The data START

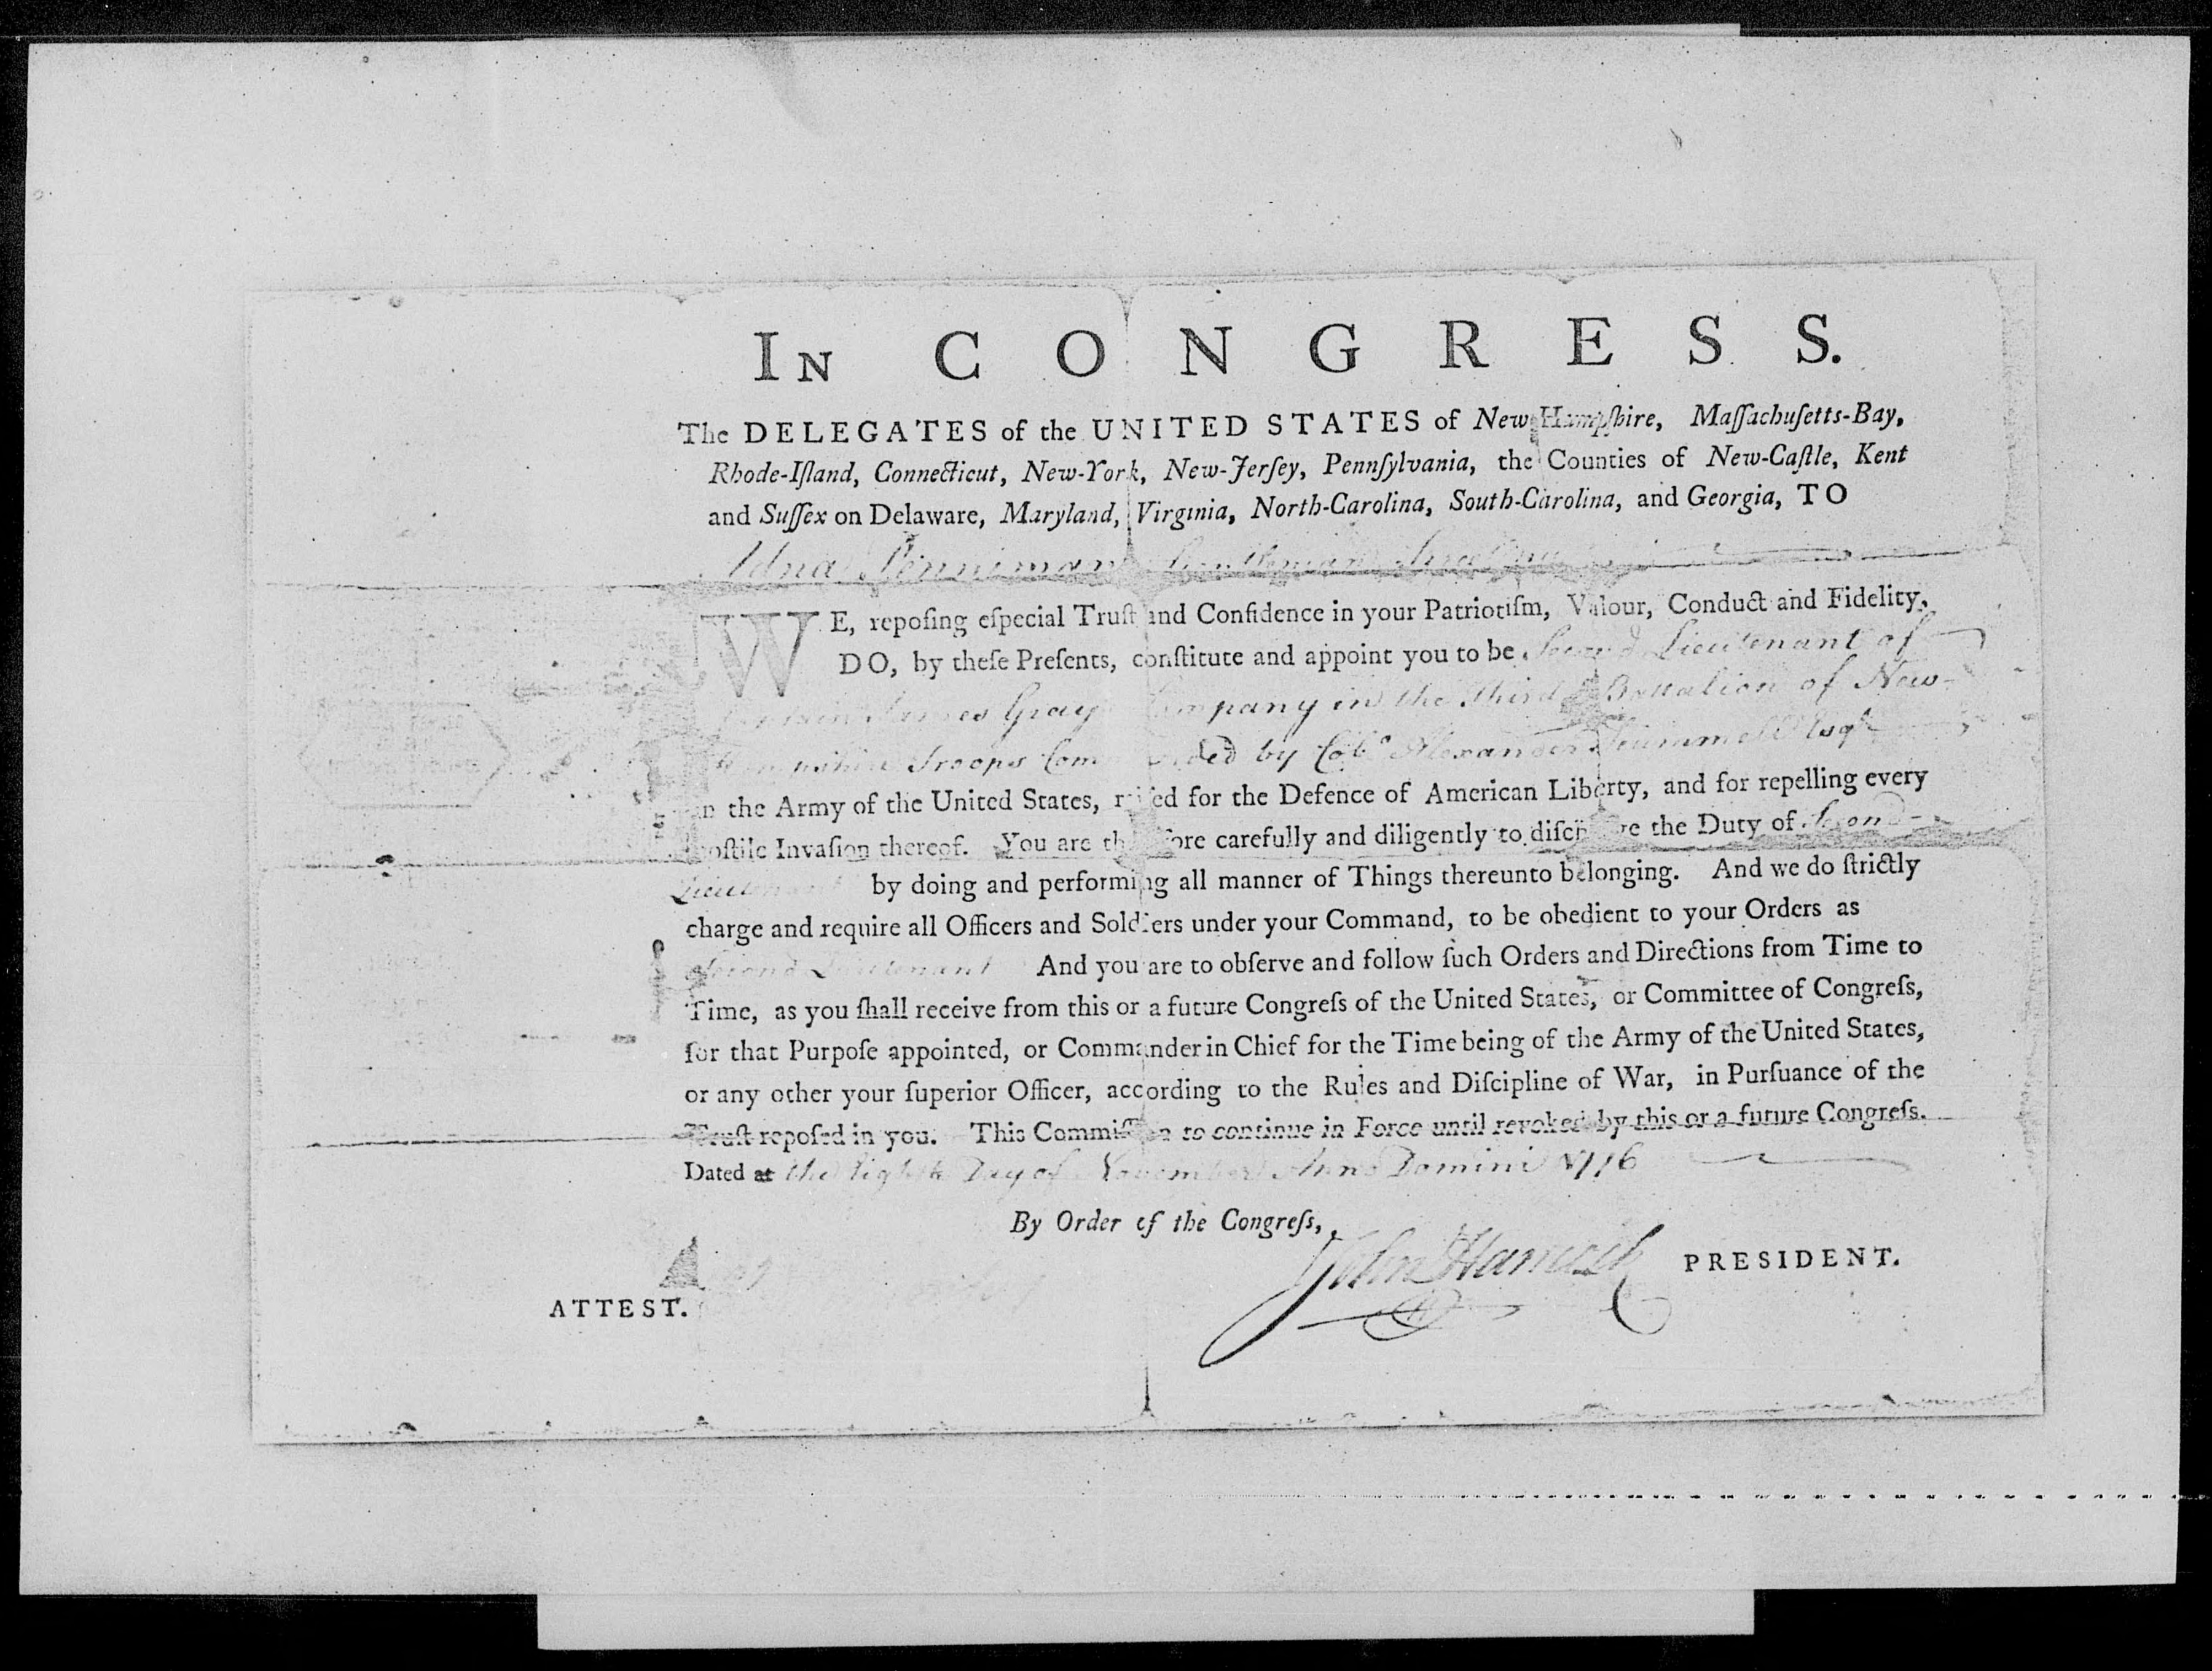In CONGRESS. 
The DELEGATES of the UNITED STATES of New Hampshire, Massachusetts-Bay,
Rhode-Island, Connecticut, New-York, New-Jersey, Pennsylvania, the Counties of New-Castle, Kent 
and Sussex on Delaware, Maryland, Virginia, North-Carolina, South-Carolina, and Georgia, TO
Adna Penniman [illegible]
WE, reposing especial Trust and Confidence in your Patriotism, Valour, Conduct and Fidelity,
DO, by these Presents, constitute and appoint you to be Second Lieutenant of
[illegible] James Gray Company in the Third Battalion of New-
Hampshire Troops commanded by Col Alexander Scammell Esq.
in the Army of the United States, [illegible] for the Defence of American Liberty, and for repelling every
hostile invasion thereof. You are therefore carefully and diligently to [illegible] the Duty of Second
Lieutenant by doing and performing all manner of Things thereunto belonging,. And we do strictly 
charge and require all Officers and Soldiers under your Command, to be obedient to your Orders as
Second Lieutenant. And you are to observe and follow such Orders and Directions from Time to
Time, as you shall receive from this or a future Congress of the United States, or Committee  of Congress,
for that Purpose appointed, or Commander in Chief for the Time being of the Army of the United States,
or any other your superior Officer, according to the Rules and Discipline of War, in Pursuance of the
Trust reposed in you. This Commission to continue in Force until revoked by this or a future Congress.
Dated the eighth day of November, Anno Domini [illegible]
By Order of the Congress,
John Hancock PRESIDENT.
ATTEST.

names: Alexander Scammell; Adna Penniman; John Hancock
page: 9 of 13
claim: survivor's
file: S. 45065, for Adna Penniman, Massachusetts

The data END

*Task brief*
Retype each entry above character for character; pictures stay out.

*Answer box*
In CONGRESS. 
The DELEGATES of the UNITED STATES of New Hampshire, Massachusetts-Bay,
Rhode-Island, Connecticut, New-York, New-Jersey, Pennsylvania, the Counties of New-Castle, Kent 
and Sussex on Delaware, Maryland, Virginia, North-Carolina, South-Carolina, and Georgia, TO
Adna Penniman [illegible]
WE, reposing especial Trust and Confidence in your Patriotism, Valour, Conduct and Fidelity,
DO, by these Presents, constitute and appoint you to be Second Lieutenant of
[illegible] James Gray Company in the Third Battalion of New-
Hampshire Troops commanded by Col Alexander Scammell Esq.
in the Army of the United States, [illegible] for the Defence of American Liberty, and for repelling every
hostile invasion thereof. You are therefore carefully and diligently to [illegible] the Duty of Second
Lieutenant by doing and performing all manner of Things thereunto belonging,. And we do strictly 
charge and require all Officers and Soldiers under your Command, to be obedient to your Orders as
Second Lieutenant. And you are to observe and follow such Orders and Directions from Time to
Time, as you shall receive from this or a future Congress of the United States, or Committee  of Congress,
for that Purpose appointed, or Commander in Chief for the Time being of the Army of the United States,
or any other your superior Officer, according to the Rules and Discipline of War, in Pursuance of the
Trust reposed in you. This Commission to continue in Force until revoked by this or a future Congress.
Dated the eighth day of November, Anno Domini [illegible]
By Order of the Congress,
John Hancock PRESIDENT.
ATTEST.

names: Alexander Scammell; Adna Penniman; John Hancock
page: 9 of 13
claim: survivor's
file: S. 45065, for Adna Penniman, Massachusetts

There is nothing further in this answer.